Standard model-based reinforcement learning (MBRL) approaches fit a
transition model of the environment to all past experience, but this wastes
model capacity on data that is irrelevant for policy improvement. We instead
propose a new "transition occupancy matching" (TOM) objective for MBRL model
learning: a model is good to the extent that the current policy experiences the
same distribution of transitions inside the model as in the real environment.
We derive TOM directly from a novel lower bound on the standard reinforcement
learning objective. To optimize TOM, we show how to reduce it to a form of
importance weighted maximum-likelihood estimation, where the automatically
computed importance weights identify policy-relevant past experiences from a
replay buffer, enabling stable optimization.
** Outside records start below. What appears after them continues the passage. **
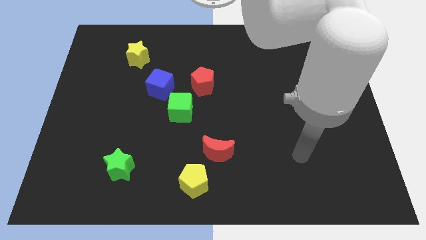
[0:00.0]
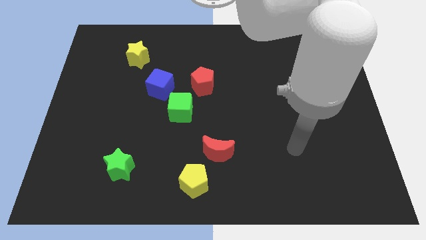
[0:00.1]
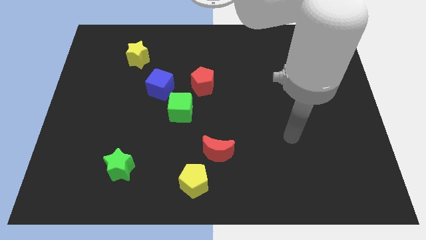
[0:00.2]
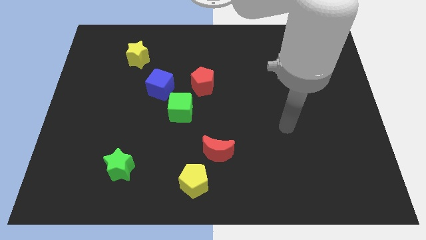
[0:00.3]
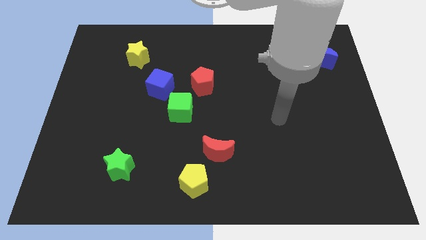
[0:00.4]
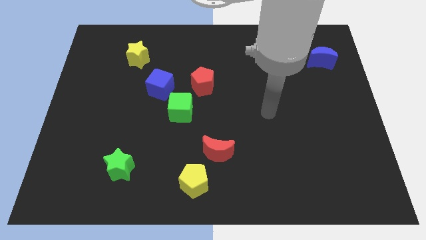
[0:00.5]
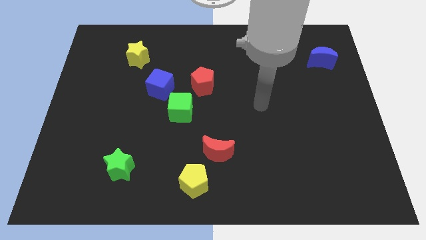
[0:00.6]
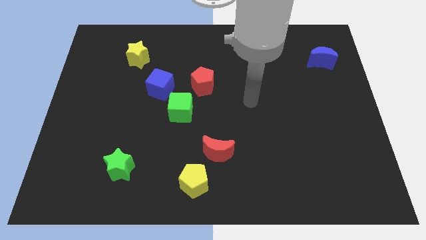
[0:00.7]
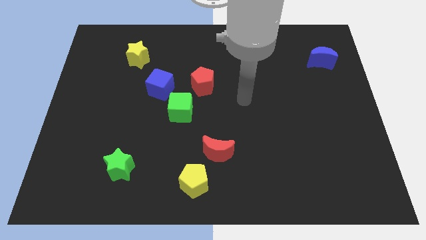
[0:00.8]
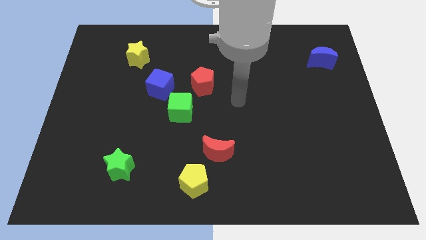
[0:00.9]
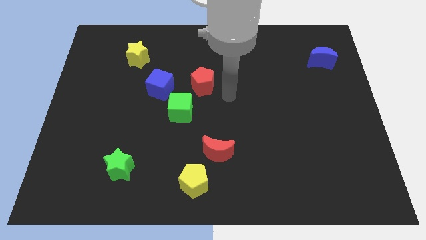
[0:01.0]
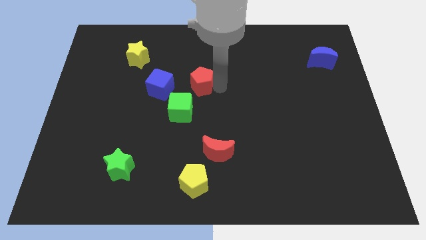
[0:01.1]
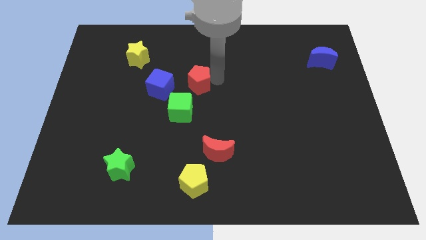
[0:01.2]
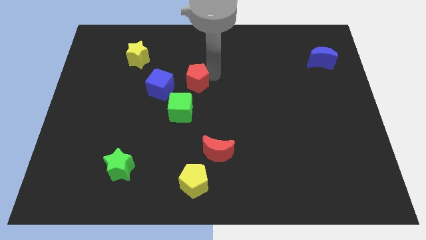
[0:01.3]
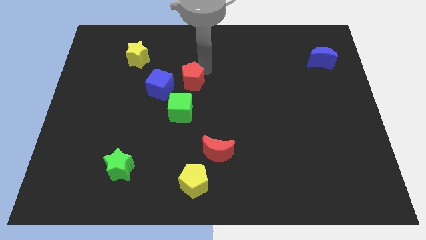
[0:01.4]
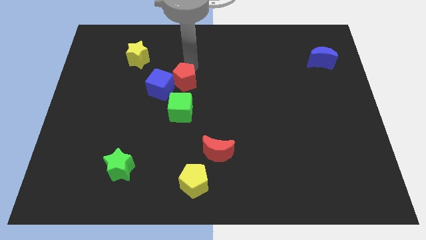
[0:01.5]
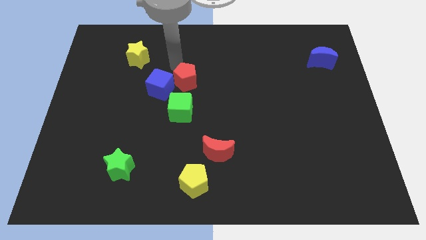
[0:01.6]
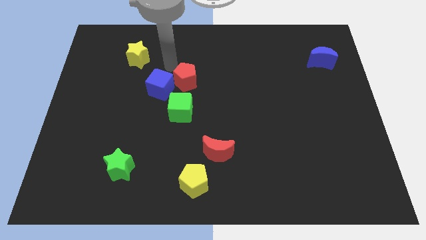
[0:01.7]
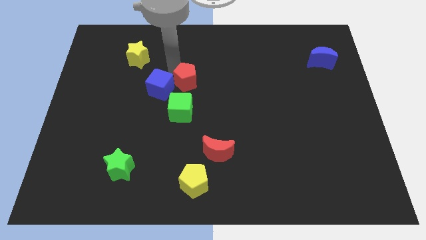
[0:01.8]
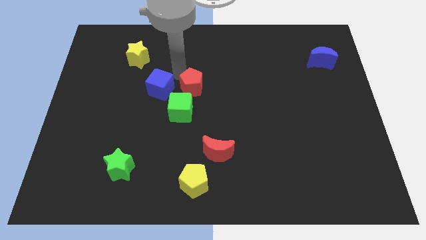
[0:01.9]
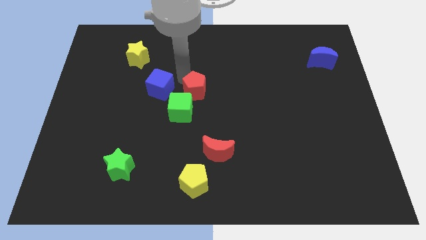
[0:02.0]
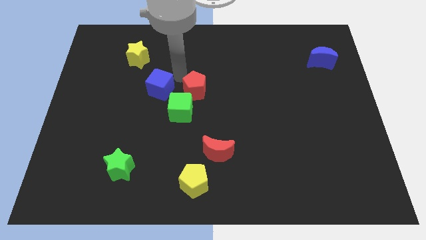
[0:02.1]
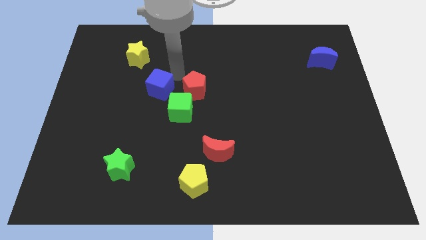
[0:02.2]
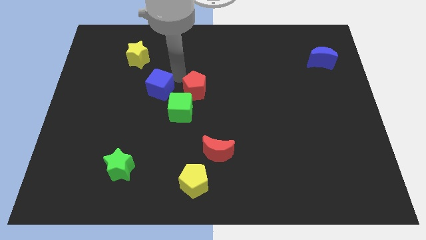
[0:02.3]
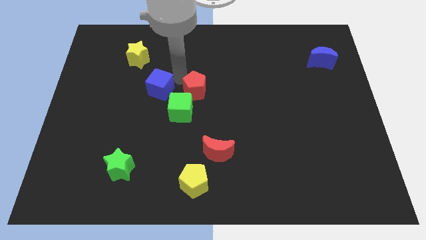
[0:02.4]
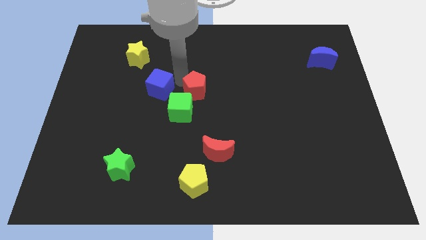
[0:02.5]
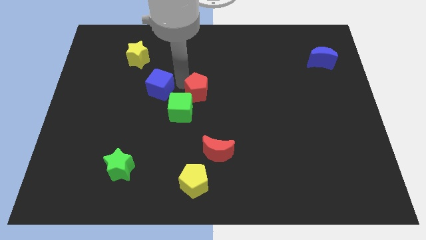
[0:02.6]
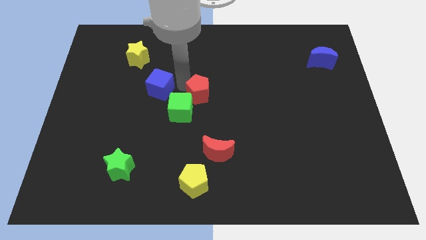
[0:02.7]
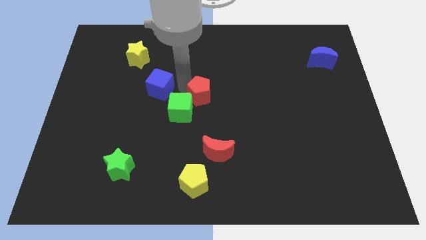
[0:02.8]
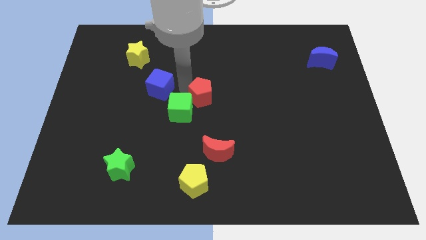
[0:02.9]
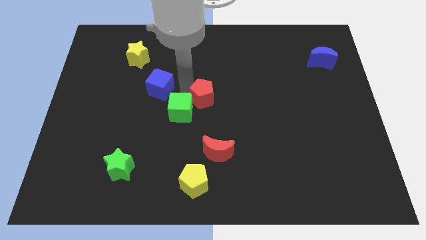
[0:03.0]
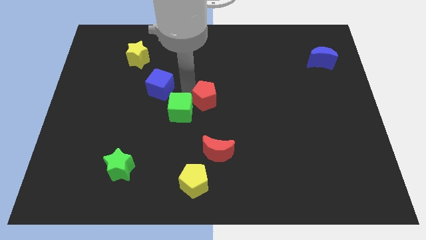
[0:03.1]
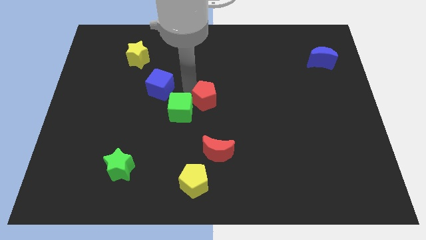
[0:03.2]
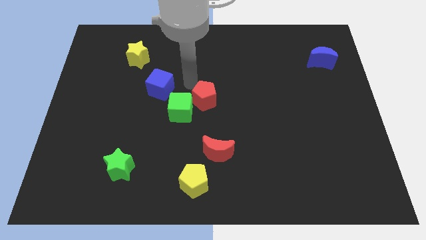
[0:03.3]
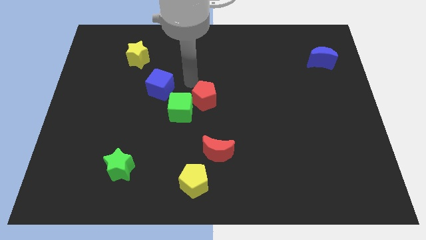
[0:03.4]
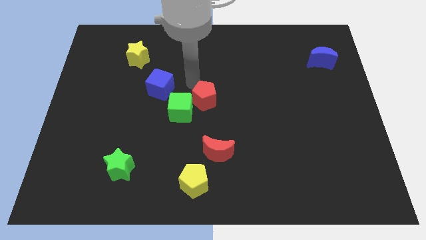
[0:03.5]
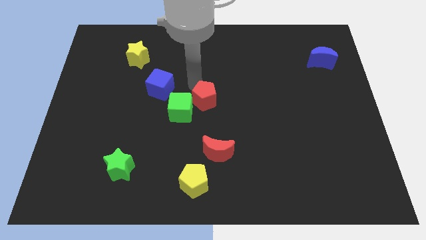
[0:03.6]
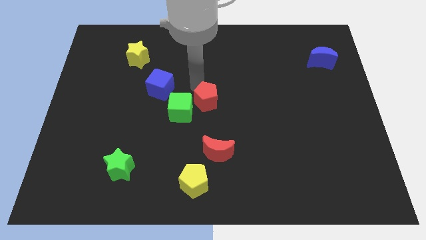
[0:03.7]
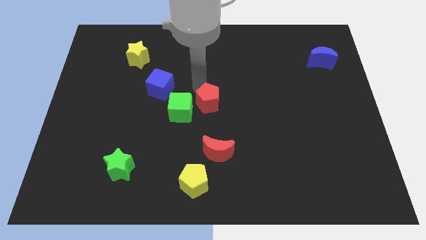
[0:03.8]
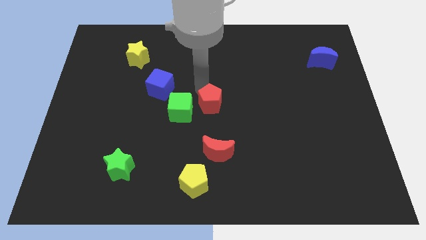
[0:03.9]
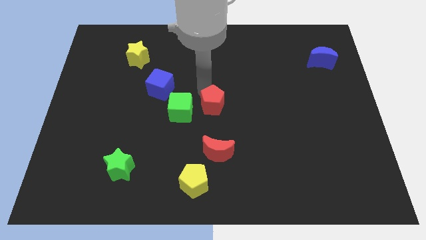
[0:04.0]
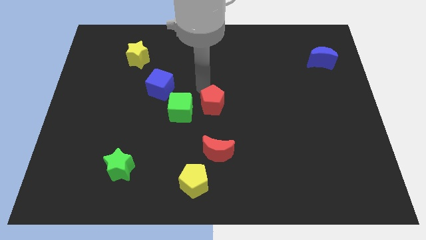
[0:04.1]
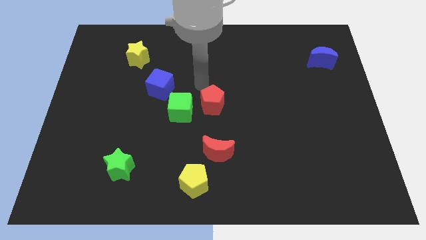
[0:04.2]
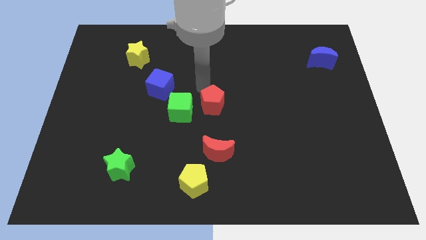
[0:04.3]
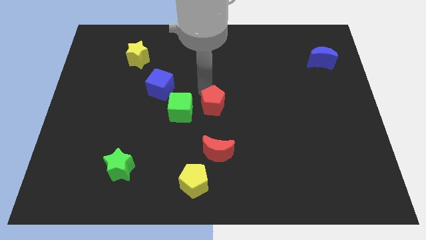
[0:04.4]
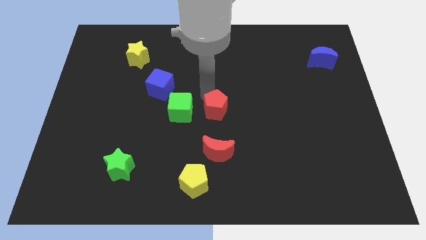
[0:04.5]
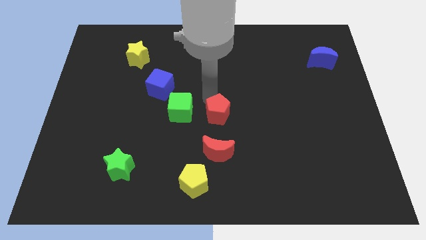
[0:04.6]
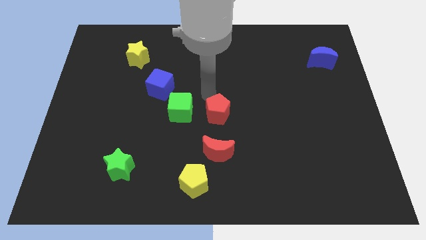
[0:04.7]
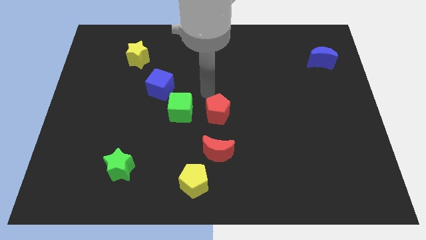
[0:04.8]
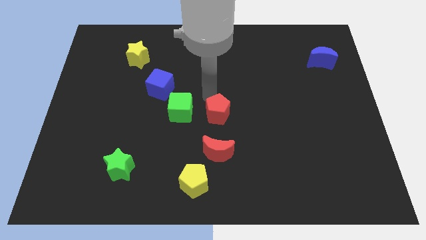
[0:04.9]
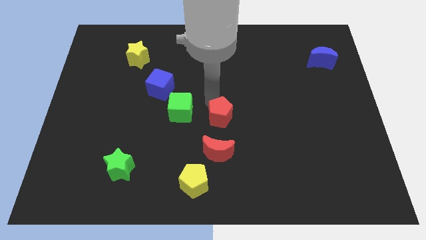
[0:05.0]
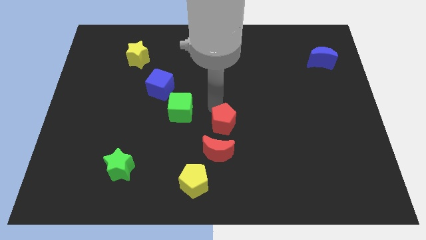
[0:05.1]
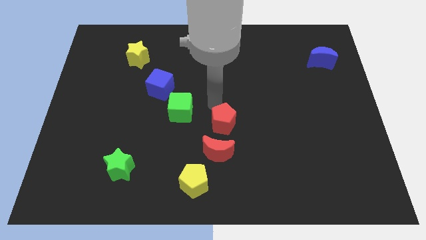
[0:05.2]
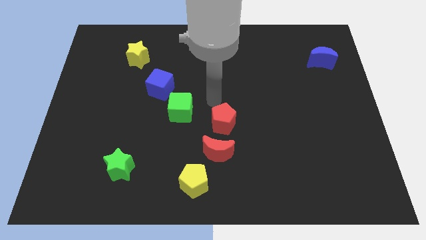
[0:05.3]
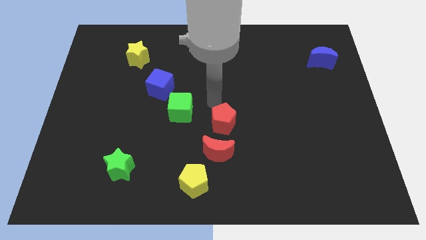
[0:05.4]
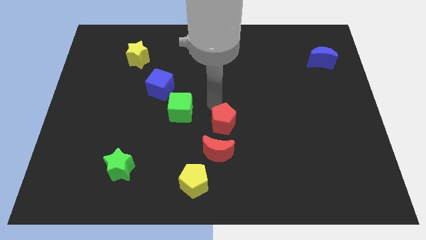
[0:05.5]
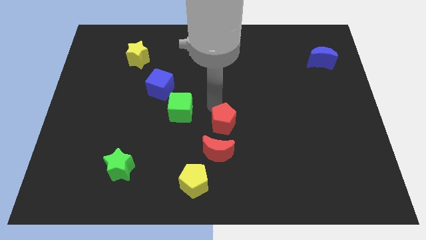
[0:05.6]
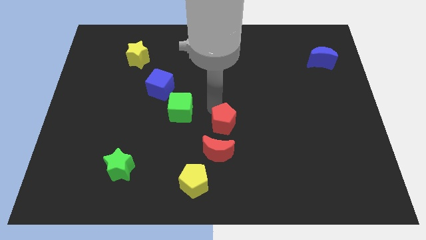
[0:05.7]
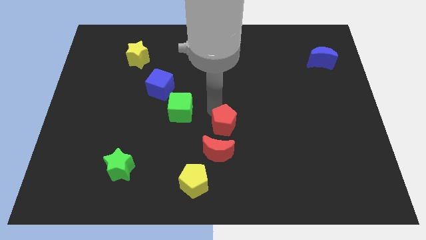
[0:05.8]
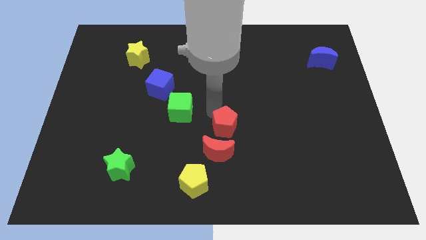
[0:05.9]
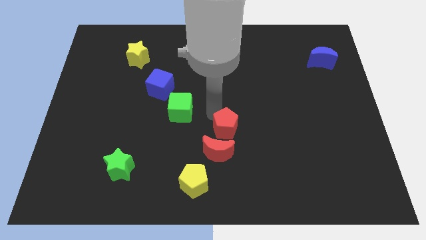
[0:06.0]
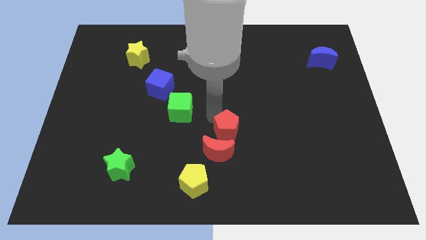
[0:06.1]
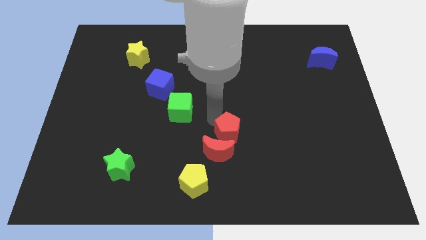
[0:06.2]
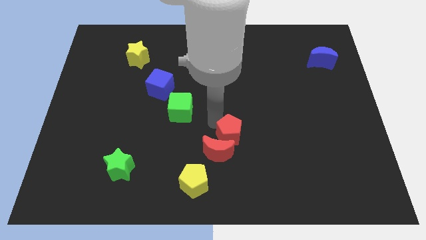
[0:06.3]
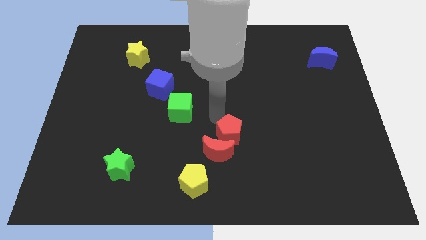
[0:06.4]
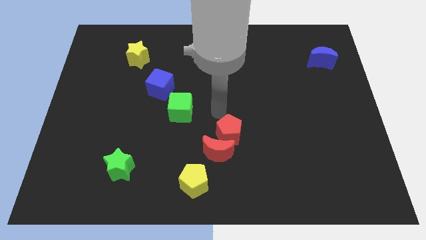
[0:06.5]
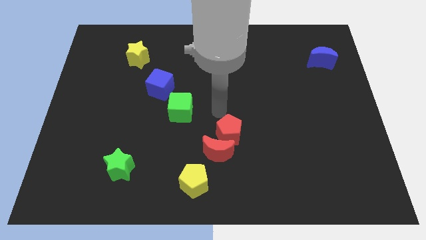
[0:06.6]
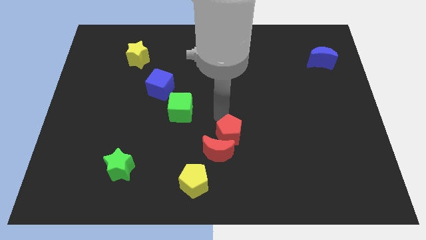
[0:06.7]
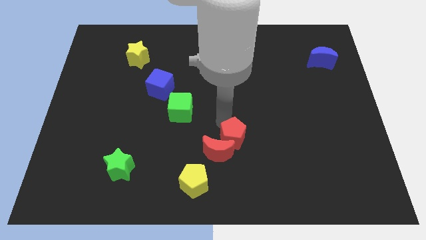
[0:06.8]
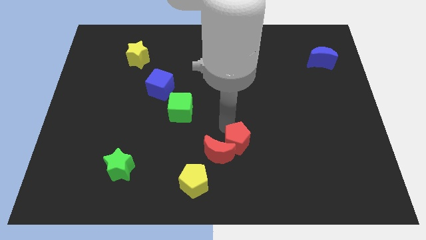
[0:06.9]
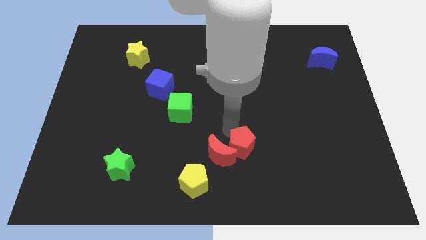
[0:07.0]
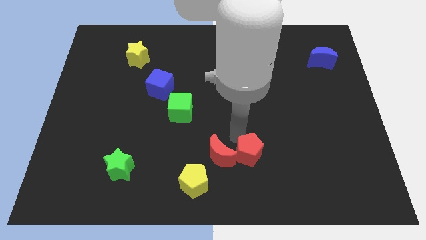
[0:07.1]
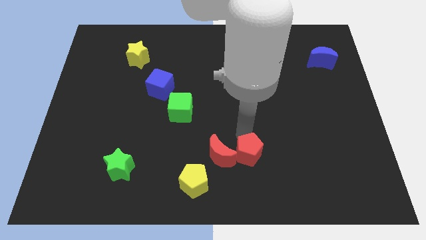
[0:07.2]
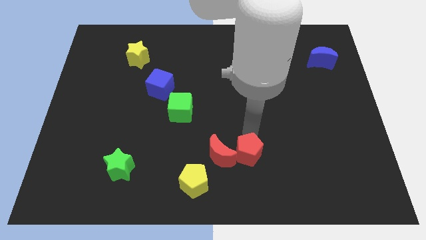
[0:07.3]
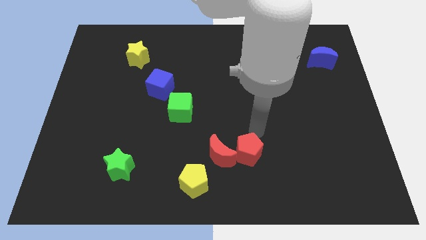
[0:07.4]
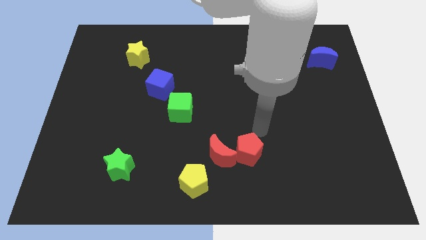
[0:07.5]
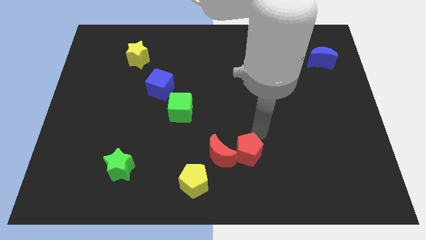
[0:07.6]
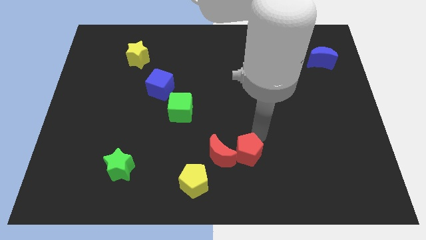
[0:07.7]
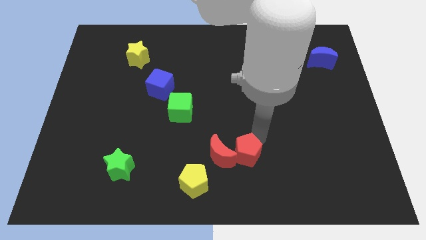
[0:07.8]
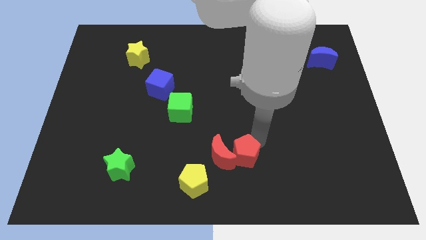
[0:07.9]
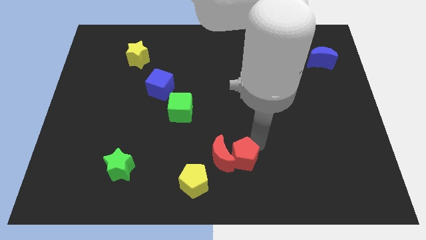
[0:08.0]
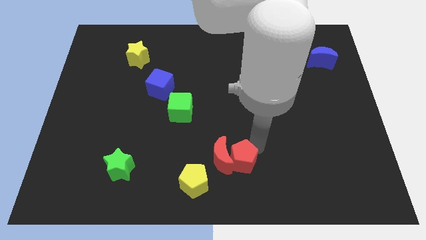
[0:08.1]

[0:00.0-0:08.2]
move the red pentagon to the bottom side

TOM thus offers a plug-and-play
model learning sub-routine that is compatible with any backbone MBRL algorithm.
On various Mujoco continuous robotic control tasks, we show that TOM
successfully focuses model learning on policy-relevant experience and drives
policies faster to higher task rewards than alternative model learning
approaches.

本文提出了一种新的模型学习目标 TOM，利用重要性加权最大似然估计从回放缓冲中识别与策略相关的过去经验，使模型学习更专注于策略相关的经验，从而使策略更快地完成任务并获得更高的奖励。